When it comes to Thailand, many of us have probably been to some of its most famous sites – whether it’s Chiang Mai in the north, Bangkok in the central region, or Phuket in the southwest. However, there are other attractions beyond these famous sites that are worth exploring depending on the region you’re in.
Many visitors to the north have Chiang Mai on their agenda, but at just a 1.5-hour drive away is Lampang, famous for its horse-drawn carriages and beautiful whitewashed Lanna-period Buddhist temples with views over the misty mountains.
Despite these charms, this riverside city sees relatively few visitors. But with the slow spread of hip cafes and trendy hotels, it’s only a matter of time before tourism booms. Lampang is the only town in Thailand where horse carts are still found – exclusively for tourists, these open-air tricycles can take you around popular temples and stop at important monuments like the 100-year-old City Pillar Shrine.
Some of the most picturesque Lanna temples within the town include Wat Mon Chamsin, Wat Chedi Sao (with its collection of 20 gold-tipped chedi), and Wat Phra That Lampang Luang, a complex of religious teak structures that date back centuries and showcase the best of Lanna architecture in Thailand.
Perhaps the most dramatic temple complex in Lampang district is Wat Chalermprakiat, with white stupas perched precariously on the pinnacles of Pu Yak mountain – it’s worth the 1.5-hour drive from the city.
Northeast: Sa Kaeo
Bangkok is not only a popular destination, but it’s also a transport hub for the rest of the country. At about 3 hours’ drive away is Sa Kaeo, a popular border town to Cambodia’s Siem Reap.
This ‘frontier of the east’ is made for history buffs – the Prasat Sdok Kok Thom temple complex provides a glimpse into the ancient Khmer civilisation, and it’s older than Angkor Wat. Buil in the 11th century, this sandstone sanctuary is dedicated to the Hindu god, Shiva. Another religious site is the Wat Tham Khao Chakan, an ancient cave temple complex boasting a dozen caverns – by night, you can witness an exodus of millions of bats.

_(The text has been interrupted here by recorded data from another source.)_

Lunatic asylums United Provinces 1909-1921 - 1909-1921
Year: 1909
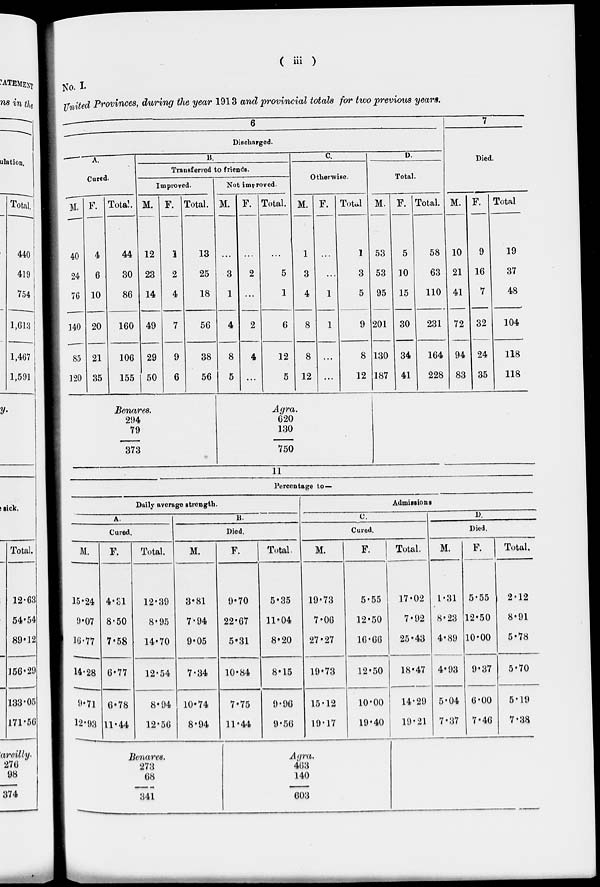
( iii )
No. I.
TTiited Provinces, during the year 1913 and provincial totals for two previous years.
6
Discharged.
A.
Cured.
M.
40
24
7G
140
85
120
F.
4
6
10
20
Total.
]$.
Transferred to friends.
Improved.
M.
44
30
86
F.
21
35
160
106
155
12
23
14
Total.
Not improved.
M.
49
2
4
13
25
18
F. Total.
29 I 9
50
6
56
38
56
3
1
c.
D.
Otherwise
M. F.
4
8
5
1
4
6
1
3
4
Total
8
12
8
12
1
3
5
Total.
M. F.
9
53
53
95
Total.
201
5
10
15
8
12
130
187
30
58
63
110
Died.
M. F.
34
41
231
164
228
10
9
21 16
41
7
72 32
94 24
83 35
Total
19
37
48
104
118
118
Benares.
294
79
373
Agra,
620
130
750
11
Percentage to —
Daily average strength.
Admissions
A.
B.
o.
D.
Cured.
Died.
Cured.
Died.
M.
F.
Total.
M.
F.
Total.
M.
F.
Total.
M.
F.
Total,
15*24 4-S1
12-39
3*81
9-70
5-35
19-73
5-55
17-02 1-31 5-55
2-12
0*07 8-50
8-95
7-94
22-67
11-04
7-06
12-50
7-92 8-23 12-50
8-91
10-77 7*58
14-70
9-05
5*31
8-20
27-27
16-66
25-43 4-89 10-00
5-78
H-28 6*77
12-54
7-34
10-84
8-15
19-73
12-50
18-47 4-93 9-37
5-70
9«7l 6*78
8-94 10*74
7-75
9-96
15-12
10-00
14-29 5-04 6-00
5-19
12*93 11-44
12-56
8-94
11-44
9-56
19-17
19-40
19-21 7-37 7-46
7-38
I 'e7iares.
273
68
Agra,
403
140
341
603
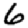
Digit: 6
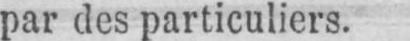
par des particuliers.
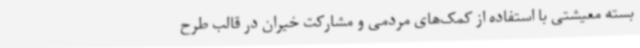
بسته معیشتی با استفاده از کمک‌های مردمی و مشارکت خیران در قالب طرح

At the Buddhist retreat of Nana Dhamma Sathan, you can see 300 pure white Buddha images sitting in the open, plus more than 5,000 smaller versions, all created with donations from devout Buddhists.
The lush Pang Sida National Park is home to wildlife like the rare Siamese fireback pheasant, muntjac, tiger, and more. It also features stunning waterfalls (Pang Sida and Pha Takian), which explode in colour in June/July when over 400 kinds of butterflies flutter near the falls. At Ta Phraya National Park is Lalu, where unique natural soil sculptures resemble giant termite mounds set amidst the verdant rice fields.
South: Tai Rom Yen
Visitors to Thailand’s south are no stranger to Hat Yai or Koh Samui, however, the nearby Tai Rom Yen National Park is rarely visited. Previously the stronghold of communist rebels in the 1980s, today it is a refuge of forest, waterfalls and caves that house wildlife like mountain goats, tapirs, and chevrotain (a type of mousedeer).
In addition to its misty mountain peak and numerous hiking trails, you can visit its two waterfalls (Tat Fa and Mueang Thuat), explore the Khamin Cave complex, and drop in on the Communist party’s old campsites: Camp 180 and Camp 357.